The Fusarium Head Blight Situation

In 1993, 1994 and 1995 Fusarium Head Blight (FHB or scab) epidemics caused widespread and severe losses in grain yield and quality resulting in millions of dollars in losses to barley producers and processors. At present FHB is the greatest single limiting factor in barley production in Minnesota and threatens the livelihoods of small grains produces in a manner not seen since the wheat rust epidemics of the 1950's. In response to this the University of Minnesota with financial assistance from the state legislature and the grain industry organizations has responded with a research initiative which aims to address the control and management of FHB in barley and wheat.

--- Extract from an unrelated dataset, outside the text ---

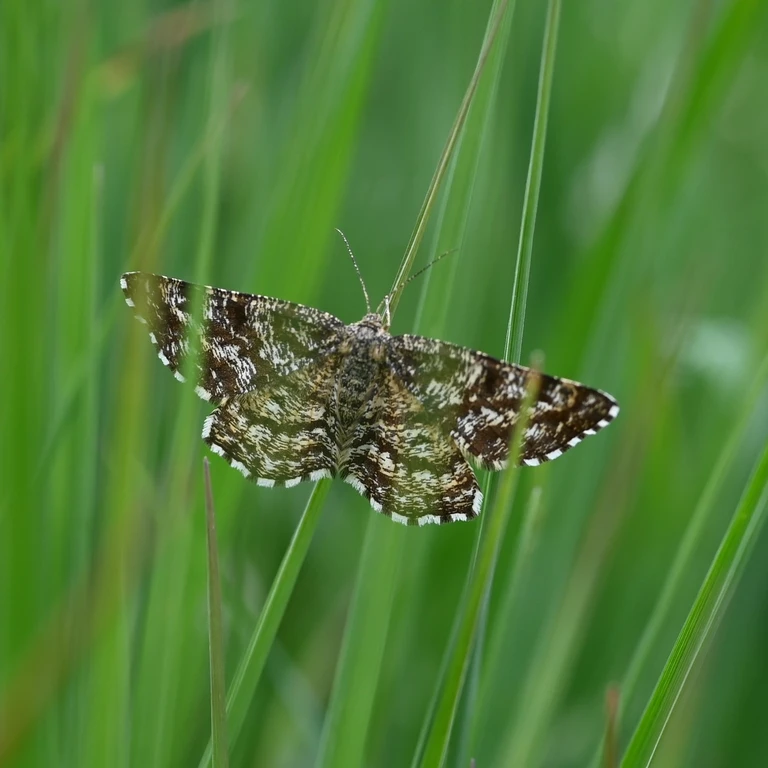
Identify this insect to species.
Ematurga atomaria

Much of the focus of the barley pathology program has been directed to this effort.

Current Research

Emphasis has been placed on the control of FHB through the use of host resistance. In order to identify sources of resistance and screen breeding material for resistance to FHB effective screening procedures need to be developed. Considerable effort has been directed to the development of generating artificial epidemics in the field, scoring material in breeding nurseries and in the development of an efficient greenhouse screen for adult plants.

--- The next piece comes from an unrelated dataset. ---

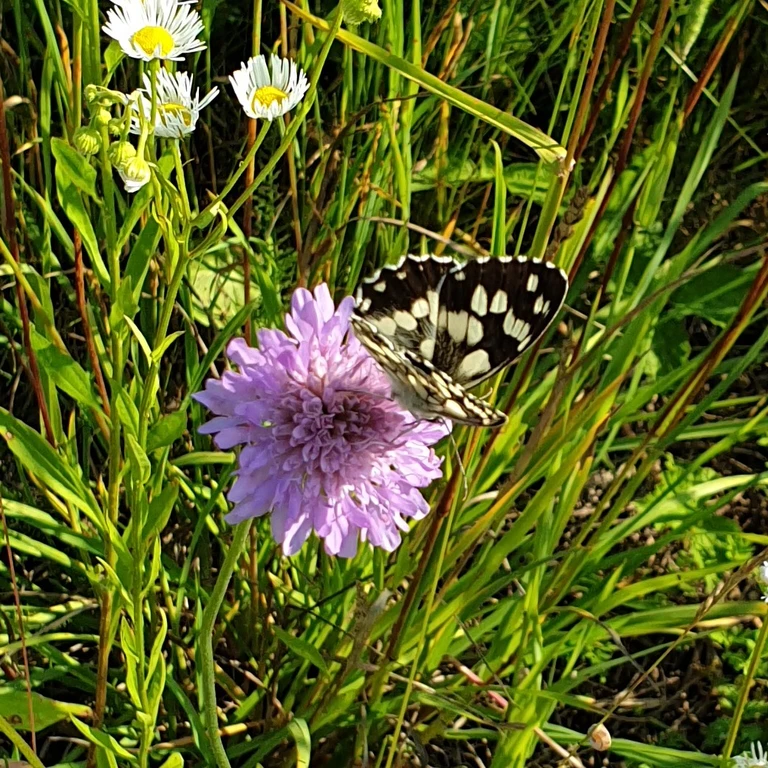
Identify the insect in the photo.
Melanargia galathea

In nearly all cases fungi of the genus Fusarium cause FHB in barley. The principal pathogen is Fusarium graminearum and its teleomorph Gibberella zeae and inoculum may be either in the form of macroconidia or ascospores. Studies have been initiated to examine the most effective way of generating an artificial FHB epidemic in screening nurseries.

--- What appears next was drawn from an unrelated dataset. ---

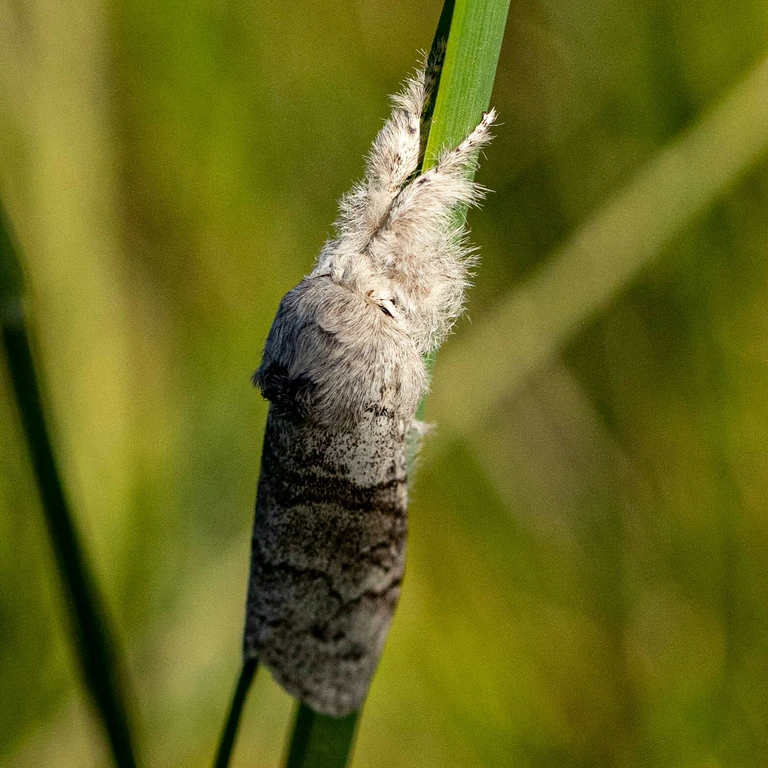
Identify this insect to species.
Calliteara pudibunda

Plots of two barley varieties were planted in a randomized complete block with four replicates. Plots were 10 feet long and 10 rows at 7 inch row spacings. The plots were separated by a minimum distance of 7 ft by winter rye borders. Inoculum was prepared using five F. graminearum isolates. The isolates used were isolated from barley and wheat heads showing visible symptoms of FHB and collected in Minnesota in 1994. Four methods for generating and applying inoculum to plots were evaluated for their ability to induce FHB in Robust (susceptible) and Chevron (moderately resistant) in 1995. Spore suspensions were produced utilizing two methods. One method consisted of culturing the pathogen on potato dextrose agar (PDA) and mung bean agar (MBA) in petri dishes for 7-10 days. After plates were fully colonized by the fungus they were combined (10 plates PDA, 10 plates MBA) and comminuted in a blender. A second method consisted of culturing the pathogen in 4 L mung bean broth (MBB) which was also comminuted prior to inoculation. Both spore suspensions were made up to 5 L with water prior to application. Four applications of spore suspensions were made to the plots with a backpack mist sprayer. The first application was made at heading and subsequent inoculations were made at 5-7 day intervals. Alternatively inoculum was prepared by colonizing autoclaved wheat seed with the pathogen for 14 days and then dried. Colonized seed was placed in plots in mesh bags suspended at head height or by dispersing them on the soil surface. About ten days after being placed in the plots the colonized seed showed evidence of the development of perithecia and ascospores. Colonized seed inoculum was applied to the field prior to heading to allow ascospore development to occur. Non inoculated plots were also maintained to facilitate observation of disease development in comparison with background inoculum levels.

Significant differences in disease severity were observed among the four inoculation techniques. Disease severity was assessed on a one to four scale (0 = 0%; 1 = <25% ; 2 = 25-50%; 3 = 50-75%; 4 = 75%) in each of 30 heads per plot and then averaged to provide a plot mean. Plots that were inoculated with suspensions of conidia and hyphal fragments had plot averages of 3.2 and 3.4. Plots inoculated with colonized wheat seed were 1.4 to 1.6. The disease severity readings for Chevron averaged 1.4 across treatments and was significantly less than Robust at 3.0.

One hundred kernels were randomly sampled from each plot, assessed for kernel discoloration and plated onto PCNB agar. Kernels were also rated for the presence or absence of Fusariumspp. and tested for viability. The mean number of kernels infested with Fusarium spp. were significantly (P<0.05) higher in plots that were inoculated with suspensions of macroconidia than where seed inoculum was spread. Seed from plots inoculated with macroconidia suspensions were also more discolored and had lower viability than the kernels from plots inoculated with the seed inoculum. It may be that earlier application of the seed inoculum may improve the efficacy of the inoculum by allowing more time for the development if perithecia and ascospores and further studies on the generation of seed inoculum will be conducted in 1996.

Efforts to develop an effective adult plant greenhouse screening have been promising. A technique for the preparation of macroconidial inoculum, free of hyphal debris has allowed us to use an airbrush to inoculate adult plants in the greenhouse. The use of a large capacity (300 plants) temperature controlled adult plant dew chamber has provided for more uniform infection levels. Good differentiation between lines in the greenhouse has been observed in consecutive screens suggesting that a screen measuring the response of plants to a single inoculation will provide useful information on varietal resistance and allow screening of breeding germplasm through the winter.